= Dual Transfer Mode =

Dual Transfer Mode (DTM) is a protocol based on the GSM standard that makes simultaneous transfer of Circuit switched (CS) voice and Packet switched (PS) data over the same radio channel (ARFCN) simpler. Without DTM, the mobile device must be capable of reception and transmission simultaneously (full-duplex) requiring complex and expensive circuitry in the mobile terminal. With DTM this requirement doesn't exist and makes the device implementation simpler and cheaper. DTM is a 3GPP feature introduced in R4 of the specification series.

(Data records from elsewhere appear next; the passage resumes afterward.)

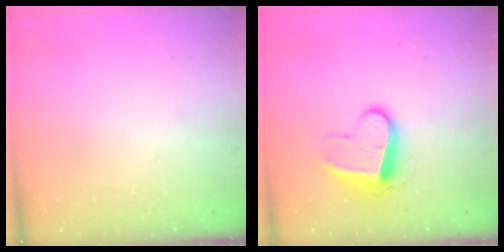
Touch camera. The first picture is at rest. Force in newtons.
{"total": 10.6, "press": 10.6, "slide": 0.9}
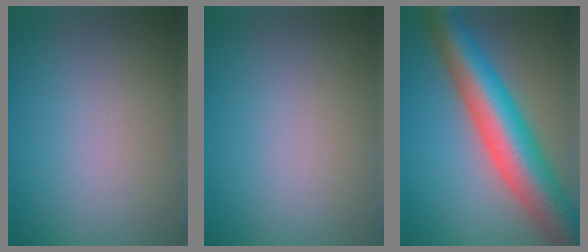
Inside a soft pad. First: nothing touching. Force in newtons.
{"total": 0.0}
{"total": 10.6, "press": 10.6, "slide": 0.2}
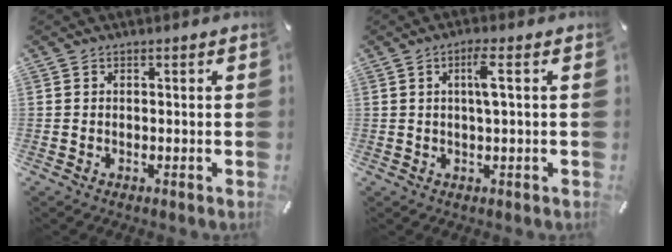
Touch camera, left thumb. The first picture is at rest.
{"total": 4.6, "force": [1.0, 0.6, 4.5], "torque": [-0.081, -0.002, 0.011]}

Traditionally, GSM/EDGE device with simultaneous CS/PS capability was supported, but only for Class A GPRS devices. Due to the fact that the uplink and downlink timeslot usage was not co-ordinated between the voice and data connections, the class A devices in practice had to be capable of transmit and reception simultaneously. With DTM, a mobile phone capable can be engaged in both CS and PS call and simultaneous voice and packet data connection in GSM/EDGE networks with the lower Class B requirements thus having a simpler half duplex circuitry due to co-ordination of the timeslot allocations in uplink and downlink for both voice and data. Older devices in Class B without DTM capability could still receive CS calls while having an active PS session. With these devices, the PS connection is put on hold (i.e. no traffic) for the duration of the voice call. After the voice call terminates, the data connection resumes data transfer.

One common class implemented by mobile phone vendors is the DTM Multislot Class 11. For example, the technical specification of Nokia N95 states a speed of DL/UL 177.6/118.4 kbit/s. In 2010, devices with DTM multislot class 32 such as Nokia N900 are available.

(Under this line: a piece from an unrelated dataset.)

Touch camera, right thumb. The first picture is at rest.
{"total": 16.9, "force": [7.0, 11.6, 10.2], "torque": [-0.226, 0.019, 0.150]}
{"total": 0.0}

A simultaneous voice and data call implies that a data call might start on an ongoing voice call or a voice call might start on an ongoing data call.

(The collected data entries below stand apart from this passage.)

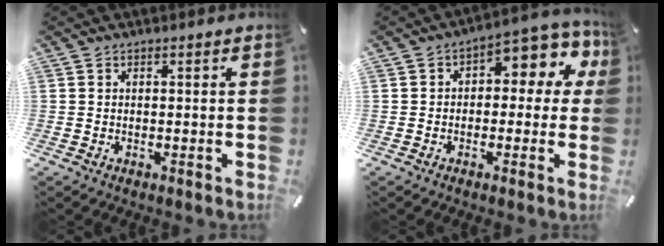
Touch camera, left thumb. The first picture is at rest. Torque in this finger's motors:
{"motor_torque": [0.35, 0.35, 0.43, 0.31, 0.05]}
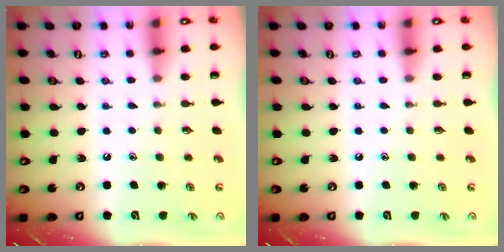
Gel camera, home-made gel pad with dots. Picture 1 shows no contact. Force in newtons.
{"total": 0.0}
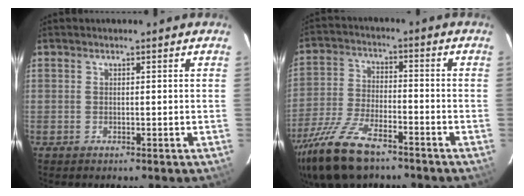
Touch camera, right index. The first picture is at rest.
{"total": 15.7, "force": [-11.3, 5.7, 9.2], "torque": [-0.211, -0.032, -0.216]}

In case a voice is started on a mobile phone that is in Packet Transfer Mode(i.e. in a data call), the procedure takes place in three stages. The TBF's (Data "Call") are released. A dedicated connection for the voice call is initiated. Finally, the mobile phone uses DTM for re-establishing the data connection.

3GPP Release 6 specifies the Enhanced DTM CS Establishment and Enhanced DTM CS Release procedures to enable smooth transitions between the packet transfer and dual transfer modes, without having to release the TBF's. This enables continuous data transfer also when calls are set up and released, as well as reduced load on the common control channels of the GSM network. This technology is not yet supported by any operator.

Starting late 2009 or early 2010, Vodafone has added DTM support in its network in the UK. In addition to enabling simultaneous call and data transfer in 2G network, DTM -capable network can also secure that incoming calls are received by devices that are transferring packet data (depending on the network implementation, this can also apply to devices that do not support the DTM feature).